Change Reviewer checklist
-
Check if the following applies: - The scheduled day and time of execution of the change is appropriate.
- The change plan is technically accurate.
- The change plan includes estimated timing values based on previous testing.
- The change plan includes a viable rollback plan.
- The specified metrics/monitoring dashboards provide sufficient visibility for the change.
-
Check if the following applies: - The complexity of the plan is appropriate for the corresponding risk of the change. (i.e. the plan contains clear details).
- The change plan includes success measures for all steps/milestones during the execution.
- The change adequately minimizes risk within the environment/service.
- The performance implications of executing the change are well-understood and documented.
- The specified metrics/monitoring dashboards provide sufficient visibility for the change.
- If not, is it possible (or necessary) to make changes to observability platforms for added visibility?
- The change has a primary and secondary SRE with knowledge of the details available during the change window.
- The change window has been agreed upon with Release Managers in advance of the change. If the change is planned for APAC hours, this issue has an agreed pre-change approval.
- The labels blocks deployments and/or blocks feature-flags are applied as necessary.
Change Technician checklist
-
Check if all items below are complete: - The change plan is technically accurate.
- This Change Issue is linked to the appropriate Issue and/or Epic
- Change has been tested in staging and results are noted in a comment on this issue.
- A dry-run has been conducted and results are noted in a comment on this issue.
- The change execution window respects the Production Change Lock periods.
- For C1 and C2 change issues, the change event is added to the GitLab Production calendar.
- For C1 and C2 change issues, the SRE on-call has been informed before the change is rolled out. (In the #production channel, mention
@sre-oncall
and this issue and await their acknowledgement.) - For C1 and C2 change issues, the SRE on-call provided approval with the eoc_approved label on the issue.
- For C1 and C2 change issues, the Infrastructure Manager provided approval with the manager_approved label on the issue.

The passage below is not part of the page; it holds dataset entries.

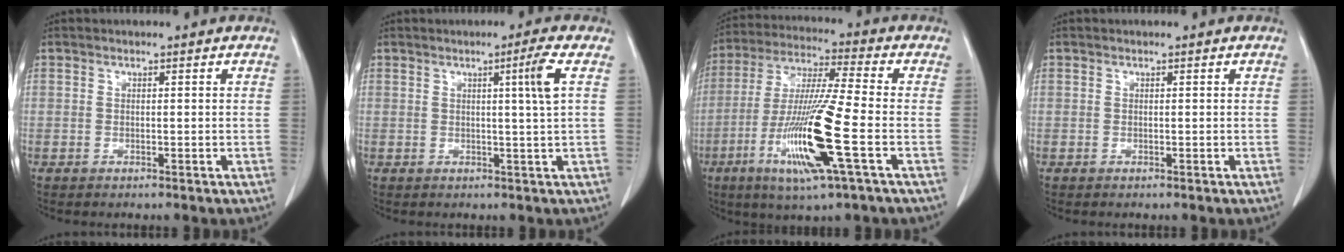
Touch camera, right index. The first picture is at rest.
{"total": 3.8, "force": [1.0, -1.3, 3.4], "torque": [-0.058, -0.007, 0.019]}
{"total": 16.1, "force": [-5.4, 0.0, 15.2], "torque": [-0.310, -0.024, -0.103]}
{"total": 0.0}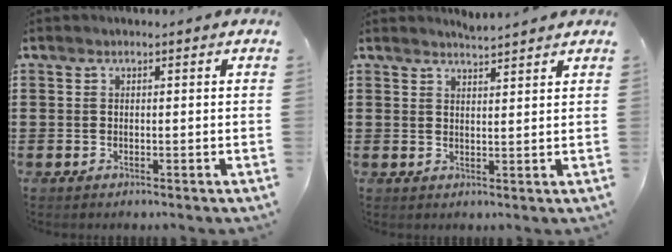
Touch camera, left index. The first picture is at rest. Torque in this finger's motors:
{"motor_torque": [-0.12, 0.14, -0.05, -0.01]}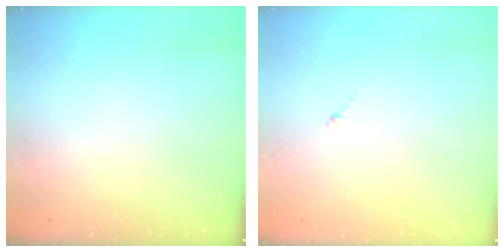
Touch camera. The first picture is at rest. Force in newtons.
{"total": 0.7, "press": 0.6, "slide": 0.4}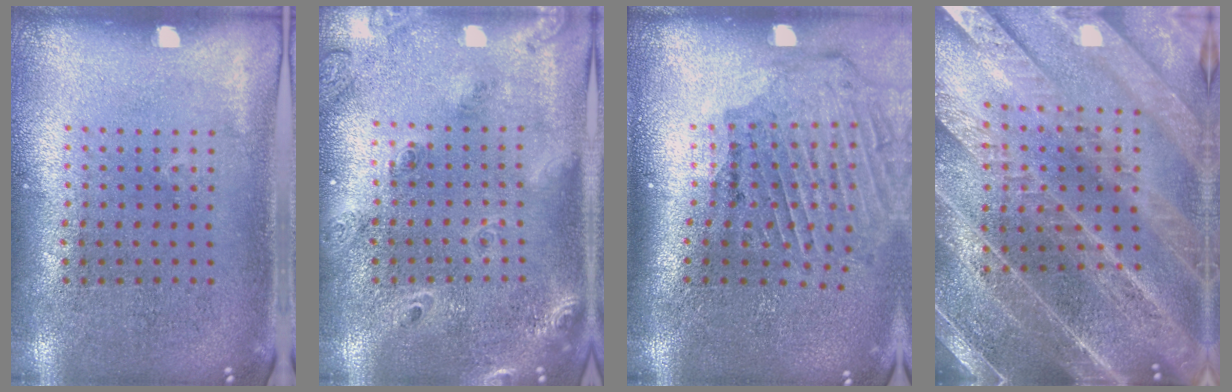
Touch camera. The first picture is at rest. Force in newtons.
{"total": 1.8, "press": 1.7, "slide": 0.8}
{"total": 2.0, "press": 1.9, "slide": 0.6}
{"total": 4.0, "press": 3.7, "slide": 1.4}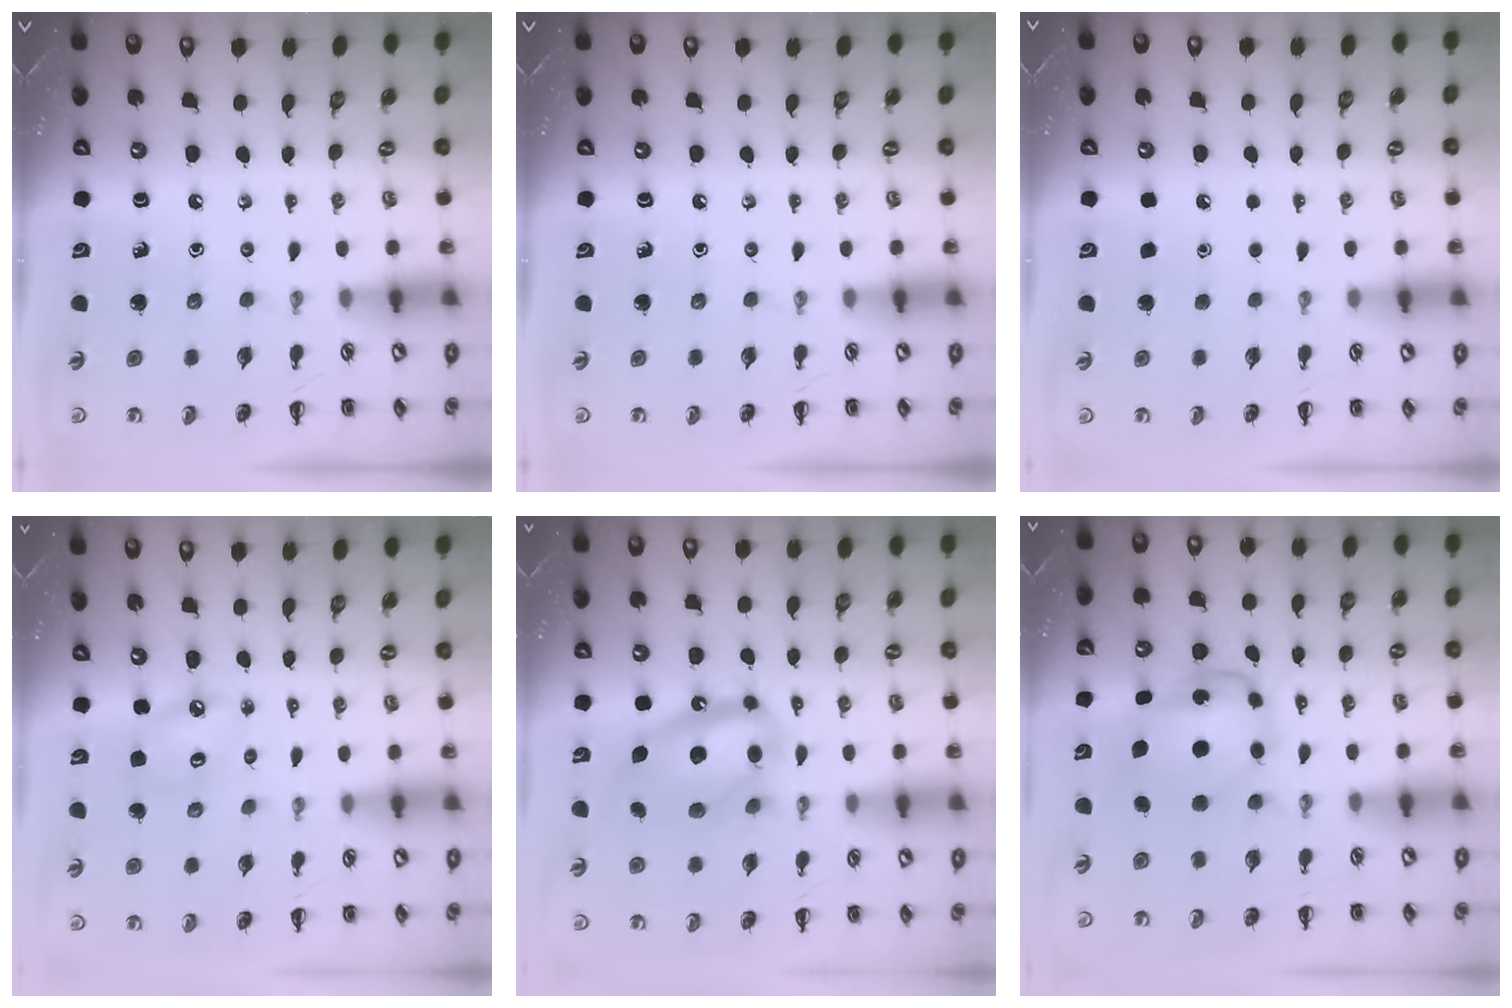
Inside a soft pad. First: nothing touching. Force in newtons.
{"total": 0.0}
{"total": 1.8, "press": 1.7, "slide": 0.1}
{"total": 5.0, "press": 4.9, "slide": 0.8}
{"total": 14.7, "press": 14.2, "slide": 3.6}
{"total": 5.5, "press": 5.5, "slide": 0.8}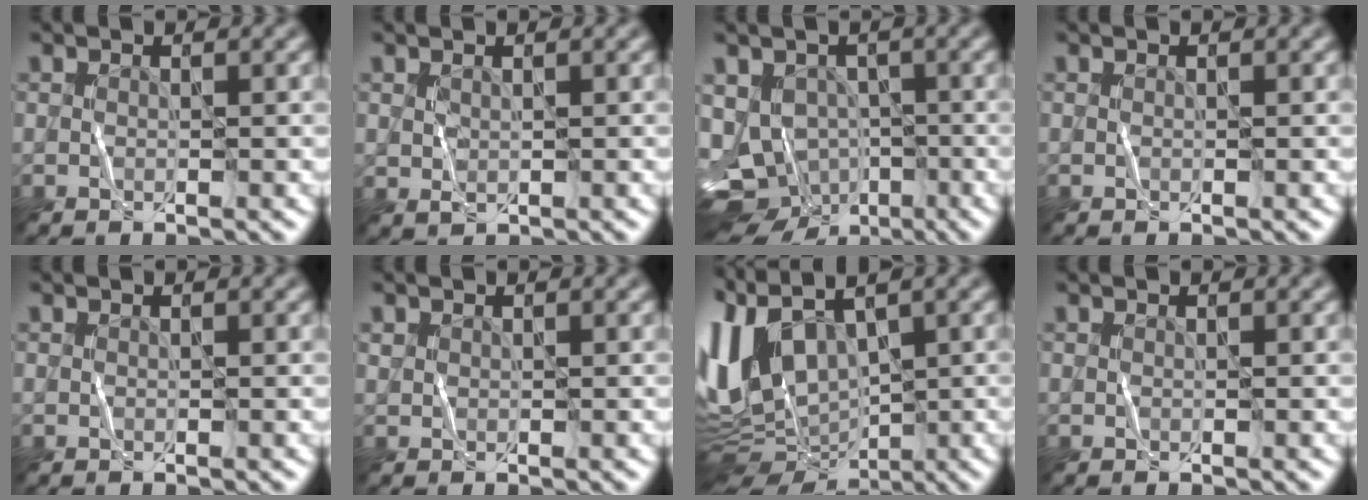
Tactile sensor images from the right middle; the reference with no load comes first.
{"total": 1.3, "force": [1.2, -0.6, -0.2], "torque": [-0.005, 0.000, 0.025]}
{"total": 8.2, "force": [-4.1, 6.2, 3.4], "torque": [-0.049, -0.016, -0.053]}
{"total": 0.0}
{"total": 0.0}
{"total": 0.6, "force": [0.3, 0.5, 0.0], "torque": [0.001, 0.000, 0.009]}
{"total": 10.7, "force": [2.3, 5.6, 8.8], "torque": [-0.210, 0.011, 0.043]}
{"total": 0.0}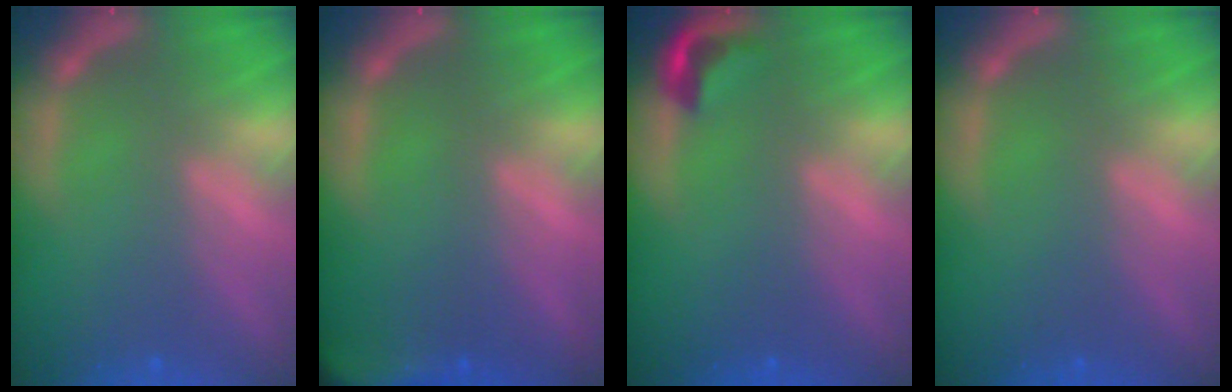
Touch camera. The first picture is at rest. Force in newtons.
{"total": 6.0}
{"total": 2.4}
{"total": 0.0}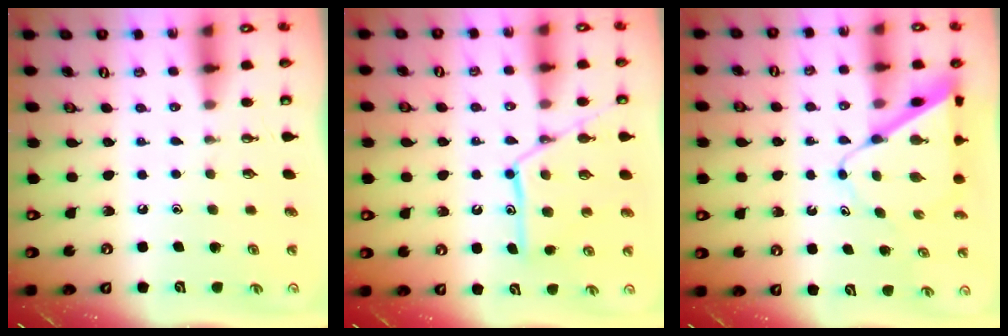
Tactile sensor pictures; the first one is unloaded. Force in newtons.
{"total": 14.2, "press": 14.2, "slide": 1.2}
{"total": 7.7, "press": 7.7, "slide": 0.4}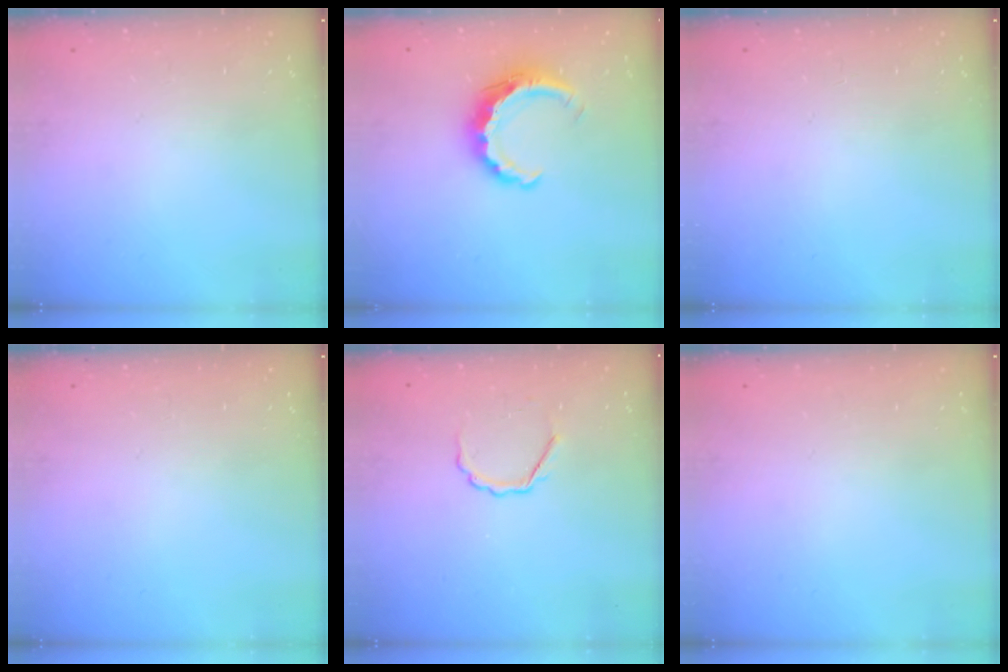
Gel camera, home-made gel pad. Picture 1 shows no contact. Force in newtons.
{"total": 10.1, "press": 10.0, "slide": 1.5}
{"total": 0.0}
{"total": 0.0}
{"total": 3.8, "press": 3.8, "slide": 0.7}
{"total": 0.0}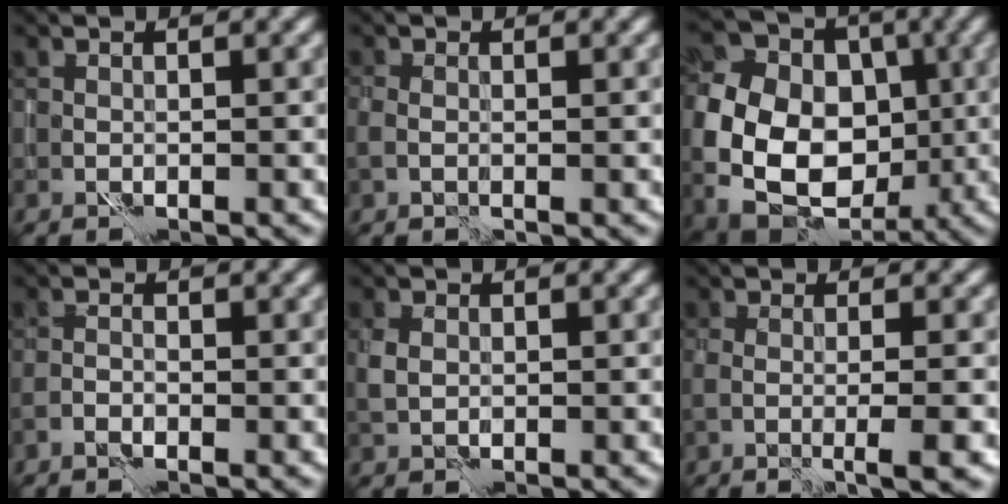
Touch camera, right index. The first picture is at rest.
{"total": 1.6, "force": [-0.2, 1.0, 1.2], "torque": [-0.027, -0.002, -0.006]}
{"total": 14.8, "force": [-1.6, 11.8, 8.8], "torque": [-0.171, -0.010, -0.032]}
{"total": 1.1, "force": [-0.7, 0.4, 0.7], "torque": [-0.013, 0.003, -0.016]}
{"total": 1.7, "force": [0.2, 1.3, 1.0], "torque": [-0.027, 0.003, 0.005]}
{"total": 3.4, "force": [-0.4, 0.8, 3.3], "torque": [-0.048, -0.003, -0.008]}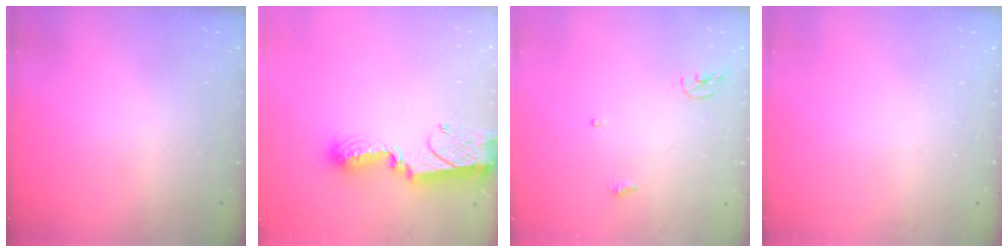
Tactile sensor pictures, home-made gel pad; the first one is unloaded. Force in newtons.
{"total": 11.4, "press": 11.4, "slide": 0.8}
{"total": 3.8, "press": 3.8, "slide": 0.3}
{"total": 0.0}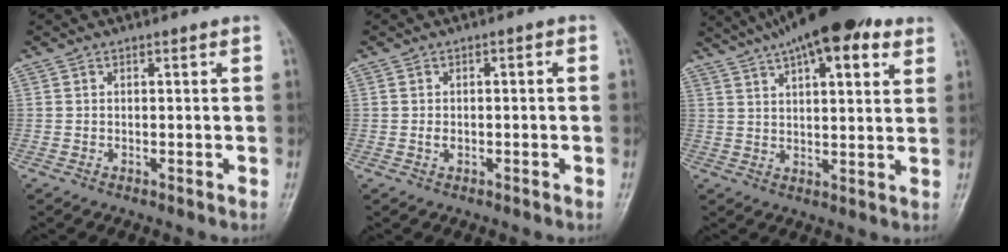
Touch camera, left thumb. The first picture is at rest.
{"total": 1.8, "force": [-0.4, 1.0, 1.5], "torque": [-0.027, 0.014, -0.006]}
{"total": 17.8, "force": [11.2, 6.1, 12.5], "torque": [-0.178, 0.002, 0.171]}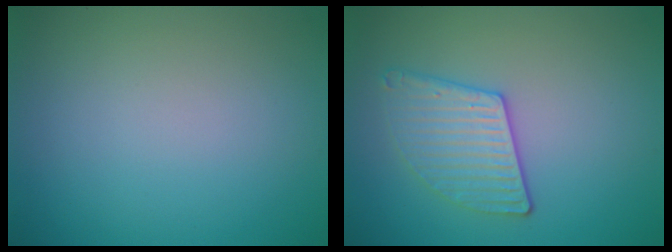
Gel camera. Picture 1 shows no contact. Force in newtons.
{"total": 2.9, "press": 2.9, "slide": 0.6}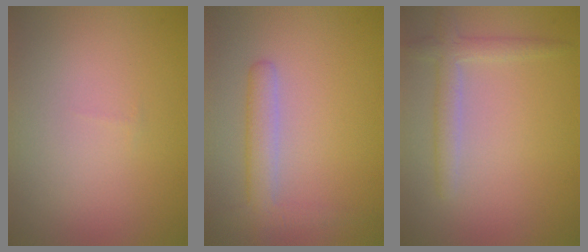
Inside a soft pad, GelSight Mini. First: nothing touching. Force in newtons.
{"total": 2.8, "press": 2.8, "slide": 0.2}
{"total": 2.5, "press": 2.5, "slide": 0.3}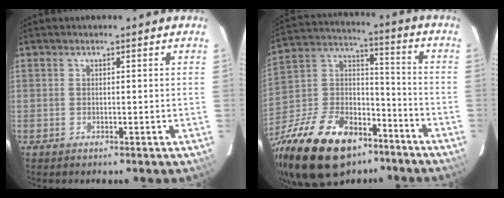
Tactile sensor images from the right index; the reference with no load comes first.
{"total": 28.4, "force": [-18.5, 15.3, 15.2], "torque": [-0.333, 0.013, -0.291]}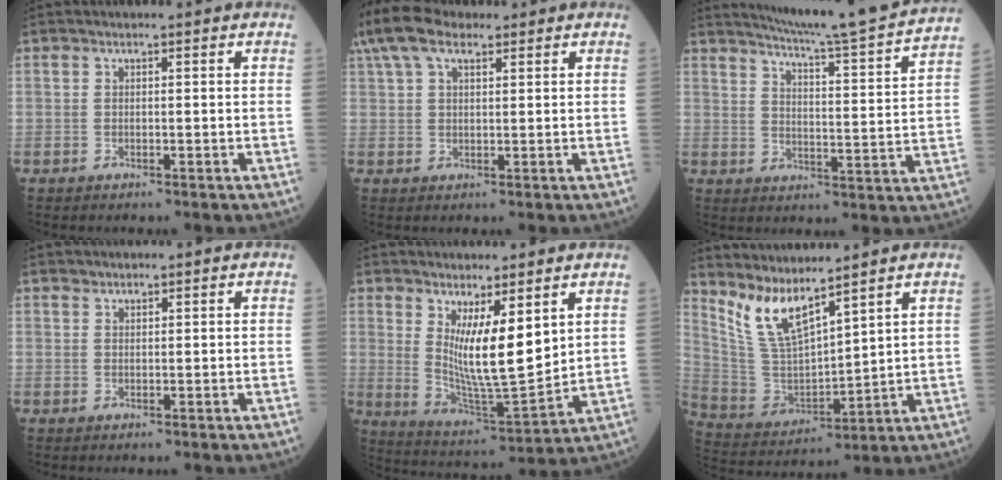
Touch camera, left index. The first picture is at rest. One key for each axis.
{"total": 11.9, "fx": 8.0, "fy": 5.4, "fz": 7.0, "tx": -0.169, "ty": 0.051, "tz": 0.148}
{"total": 17.5, "fx": 16.0, "fy": -2.0, "fz": 6.8, "tx": -0.112, "ty": -0.052, "tz": 0.207}
{"total": 0.7, "fx": 0.7, "fy": 0.3, "fz": 0.0, "tx": -0.002, "ty": 0.003, "tz": 0.013}
{"total": 9.9, "fx": 3.6, "fy": 1.7, "fz": 9.0, "tx": -0.172, "ty": -0.028, "tz": 0.076}
{"total": 9.0, "fx": 7.4, "fy": 0.9, "fz": 5.0, "tx": -0.118, "ty": -0.011, "tz": 0.167}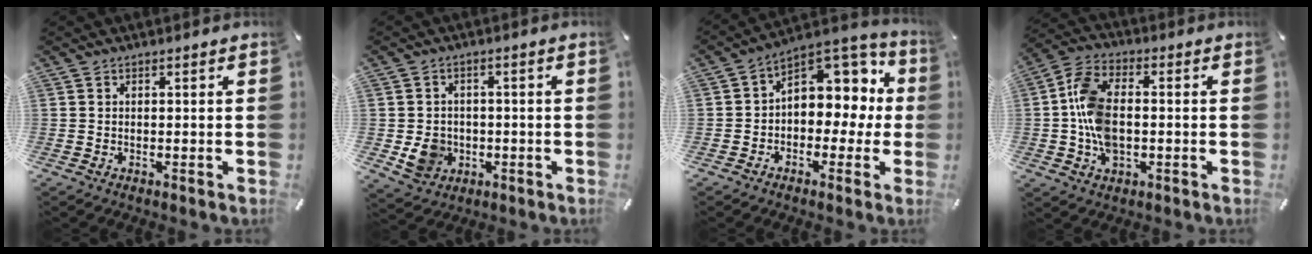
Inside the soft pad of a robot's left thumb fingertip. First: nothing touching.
{"total": 6.7, "force": [-1.4, 6.2, 2.0], "torque": [-0.043, 0.009, -0.022]}
{"total": 8.4, "force": [2.5, 7.0, 3.9], "torque": [-0.049, -0.028, 0.049]}
{"total": 10.3, "force": [-1.1, 6.5, 7.9], "torque": [-0.182, 0.005, -0.022]}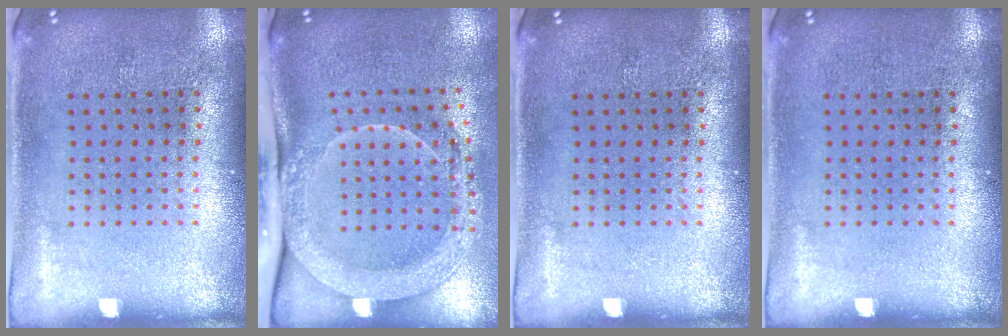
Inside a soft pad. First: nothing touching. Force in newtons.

- Release managers have been informed prior to any C1, C2, or blocks deployments change being rolled out. (In the #production channel, mention
@release-managers
and this issue and await their acknowledgement.) - There are currently no active incidents that are severity1 or severity2
- If the change involves doing maintenance on a database host, an appropriate silence targeting the host(s) should be added for the duration of the change.